# Is there arboreal dart frogs.



## shortyshazz (Mar 21, 2009)

As the title says really i have a fish tank that im converting to a arboreal setup.
I was going to get red eye tree frogs but after reading that they eat crickets when adults is a pain having these in the house.
The bottom of the tank will be just water.


----------



## Wolfenrook (Jul 2, 2010)

All of them, and at the same time none of them. I say this, as few darts will confine themselves solely to ground level, and few will confine themselves solely to climbing higher. End of the day, the hight of our vivs rarely exceed 1 meter tall, and this is actually pretty terrestrial compared to wild habitats.

As to crickets, I quite agree, hate the things. We have 2 species of tree frogs, along with bearded dragons, leopard geckos and fire bellied toads, so they are an evil I have to live with. I have to say though, I always struggle with getting my mind around folks who would rather have crickets than fruit flies. lol

If you let us know your vivs dimensions we can make some suggestions as to dart frog types you ight like. Forget just having water in the bottom though, that idea just isn't compatible with darts at all.

Ade


----------



## shortyshazz (Mar 21, 2009)

Many thanks. Will take a pic and measure it up now.


----------



## shortyshazz (Mar 21, 2009)

Ok tank is 3ft/18"/1ft heres a pic the reasan i tipped it up is there is no space for it.
http://i702.photobucket.com/albums/ww23/gazza24/frogtank008_zpsf9067d5e.jpg


----------



## Wolfenrook (Jul 2, 2010)

Dendrobates leucomelas. You still can't have the entire bottom covered in water, but a small water area would be fine with them.

Ade


----------



## Lillyx (Jun 11, 2012)

I was just about to say Ade my leuc's love to climb, they are never at ground level unless they are patiently waiting by the feeding station ha. I do have a third of my 3fter as a pond type/pebble waterfall that I'm trying out at the mo, that's sufficent in itself for keeping the humidity up, no need for the whole bottom to be water...

Cari


----------



## shortyshazz (Mar 21, 2009)

Already have Dendrobates leucomelas ok i was just wondering if there was just pure arboreal dart frogs thats all many thanks anyway ppl.


----------



## Wolfenrook (Jul 2, 2010)

Ok, simple answer then is no. They ALL use ground space as much as vertical space.
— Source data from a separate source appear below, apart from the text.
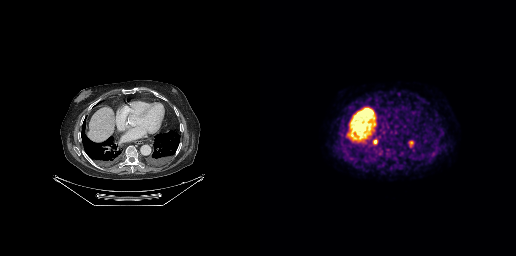
Left: CT. Right: PSMA PET, same axial level, 18F tracer. Acquired on GE Discovery 690. PET panel 256×256 px (2.7 mm/px). Coordinates are on the 256×256 PET (right) panel. PSMA-avid tumor lesion bounding boxes (x, y, width, height): x=148 y=141 w=6 h=6 / x=113 y=140 w=5 h=4.
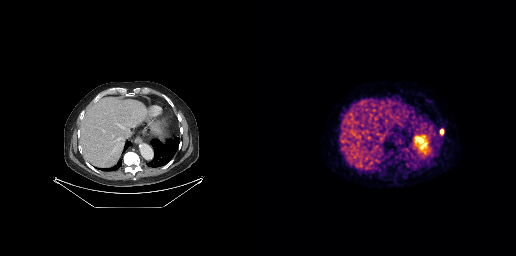
Findings: Coordinates are on the 256×256 PET (right) panel. PSMA-avid tumor lesion bounding box (x, y, width, height): x=180 y=129 w=4 h=6.
- Left: CT. Right: PSMA PET, same axial level, [68Ga]Ga-PSMA-11 tracer
- PET panel 256×256 px (2.7 mm/px)
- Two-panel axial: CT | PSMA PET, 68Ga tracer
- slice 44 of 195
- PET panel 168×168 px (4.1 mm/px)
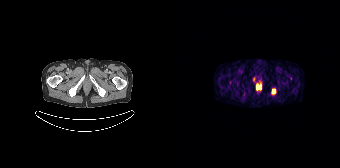
Findings: Coordinates are on the 168×168 PET (right) panel. (showing 2 of 3 foci) PSMA-avid tumor lesion bounding boxes (x, y, width, height): x=100 y=89 w=4 h=5; x=84 y=84 w=3 h=6.
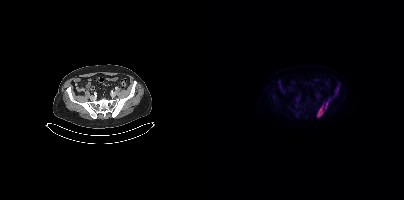
Coordinates are on the 200×200 PET (right) panel. PSMA-avid tumor lesion bounding boxes (x0, y0)-(x1, y1): (113, 106)-(119, 117) | (121, 102)-(123, 108). Small PSMA-avid focus (2 to 4 px across) near (center x, center y): (133, 91).
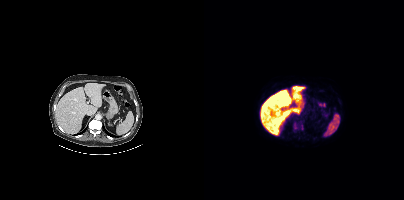
Left: CT. Right: PSMA PET, same axial level, 18F-PSMA tracer. Slice position z = -670 mm. PET panel 200×200 px (4.1 mm/px). Only PSMA-avid lesion pieces thinner than 2 px on this slice (not listed).
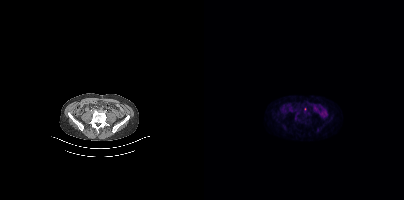
{"pet_grid":[200,200],"coord_frame":"pet_panel","coord_format":"x0,y0,x1,y1","partial":true,"lesion_bboxes":[],"modality":"PSMA PET/CT","view":"axial","tracer":"18F-PSMA"}
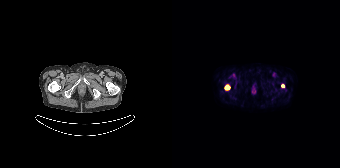
{"pet_grid":[168,168],"coord_frame":"pet_panel","coord_format":"x0,y0,x1,y1","lesion_bboxes":[[52,84,58,90]],"small_foci_centers":[[110,85]],"modality":"PSMA PET/CT","view":"axial","tracer":"18F"}
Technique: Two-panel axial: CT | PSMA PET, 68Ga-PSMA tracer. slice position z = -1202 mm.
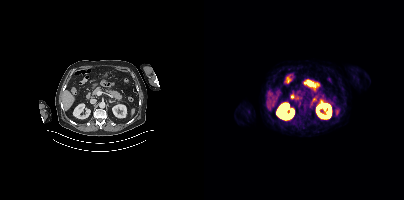
Findings: Negative for PSMA-avid disease on this slice.
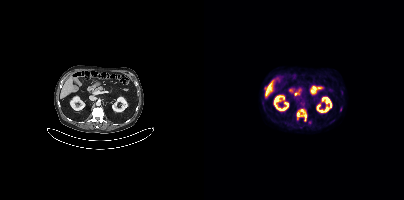
modality: PSMA PET/CT | tracer: [18F]PSMA-1007 | view: axial | PET grid: 200×200
Coordinates are on the 200×200 PET (right) panel. PSMA-avid tumor lesion bounding box (x, y, width, height): x=93 y=109 w=10 h=13. Small PSMA-avid focus (2 to 4 px across) near (center x, center y): (62, 88).
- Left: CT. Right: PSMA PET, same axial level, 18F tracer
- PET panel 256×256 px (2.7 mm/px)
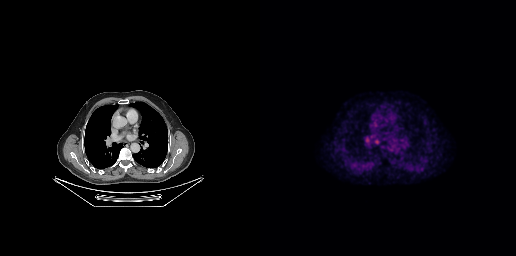
Findings: Coordinates are on the 256×256 PET (right) panel. PSMA-avid tumor lesion bounding box (x0,y0,x1,y1): [113,138,120,145].
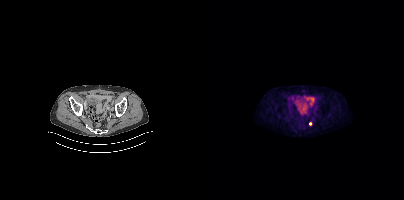
Coordinates are on the 200×200 PET (right) panel. Small PSMA-avid focus (2 to 4 px across) near (center x, center y): (106, 123).
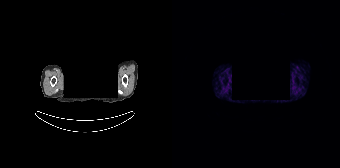
- Two-panel axial: CT | PSMA PET, [68Ga]Ga-PSMA-11 tracer
- PET panel 168×168 px (4.1 mm/px)
- head region blanked for anonymization (face removed)
Findings: Negative for PSMA-avid disease on this slice.
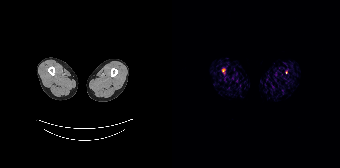
{"modality":"PSMA PET/CT","view":"axial","tracer":"68Ga-PSMA","pet_grid":[168,168],"coord_frame":"pet_panel","coord_format":"x0,y0,x1,y1","partial":true,"lesion_bboxes":[],"small_foci_centers":[[51,70]]}
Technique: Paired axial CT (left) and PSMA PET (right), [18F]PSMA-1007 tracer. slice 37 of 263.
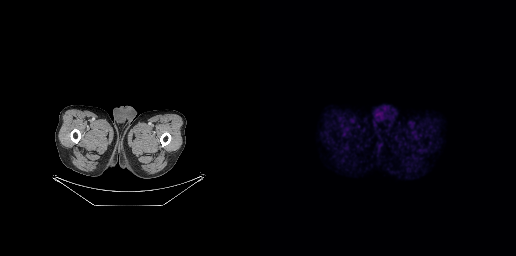
Findings: Negative for PSMA-avid disease on this slice.
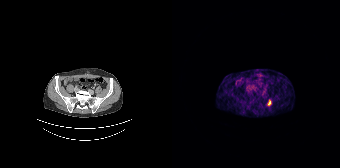
Left: CT. Right: PSMA PET, same axial level, 68Ga tracer. PET panel 168×168 px (4.1 mm/px).
Coordinates are on the 168×168 PET (right) panel. PSMA-avid tumor lesion bounding boxes:
| # | x0 | y0 | x1 | y1 |
|---|---|---|---|---|
| 1 | 96 | 100 | 99 | 105 |
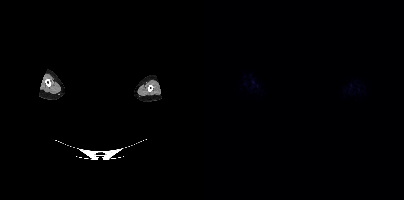
No PSMA-avid tumor lesions on this slice. A rectangle over the head was blacked out to remove identifiable facial features. Paired axial CT (left) and PSMA PET (right), 18F tracer.

If you want a lot of water, try mossy frogs. I don't think they climb much, but they like water.

Ade


----------



## plasma234 (Feb 27, 2013)

I know you said dart frogs, but what about Mantella laevigata. You can still use your leuc food and something a little different. I think they do good in groups.


----------



## Ron Magpie (Oct 11, 2009)

plasma234 said:


> I know you said dart frogs, but what about Mantella laevigata. You can still use your leuc food and something a little different. I think they do good in groups.


Are they known for climbing? I've never kept them, but I understand they are pretty much ground-living.


----------



## plasma234 (Feb 27, 2013)

Dart frog has them labelled as climbing mantella. I have read a couple of care sheets, but haven't read too much about them. You are probably right.


----------



## ronnyjodes (Apr 29, 2011)

Ron Magpie said:


> Are they known for climbing? I've never kept them, but I understand they are pretty much ground-living.


Golden mantellas yes but those are semi arboreal but they probably will stay grounded for a large portion of their time although I've seem golden mantellas that are partial to an exploratory climb. hhhClimbing mantellas are a bit prettier IMO too. Like Ade says there's never really going to be a totally arboreal dart/ mantella in the same way tree frogs are and if they do get to anywhere near an "arboreal height" they just zoom off to another branch in their crazy ADHD style. I can't remember if they were Mikes but somebody had some teribs on here a while back that would go nuts and climb all over the place, sign me up for a pair of those please!


----------



## plasma234 (Feb 27, 2013)

Can I ask the op why the entire bottom has to be water? Why not build an egg crate false bottom with a channel running in the middle? Are you looking to keep fish in the tank?


----------



## shortyshazz (Mar 21, 2009)

Aint decided on any thing just yet little fish like tetras and so could be poss yes i may just go for RETF just wanted something That would eat the dartfrog livefood i culture now. Didnt want noisy smelly crickets thats all.
I thought fruit flies would smell like crickets or worse but they dont mine are near enough odorless unless you stick your nose in the jar and smell lol


----------



## plasma234 (Feb 27, 2013)

I think tetras need quite a bit of horizontal space. You could try cherry shrimp. If you had 5 inches high of water, that gives you roughly 5 gallons. If you had it higher and a v shaped channel running through the middle you could have a land area for more aboreal inclined frog and enough water volume for shrimp. 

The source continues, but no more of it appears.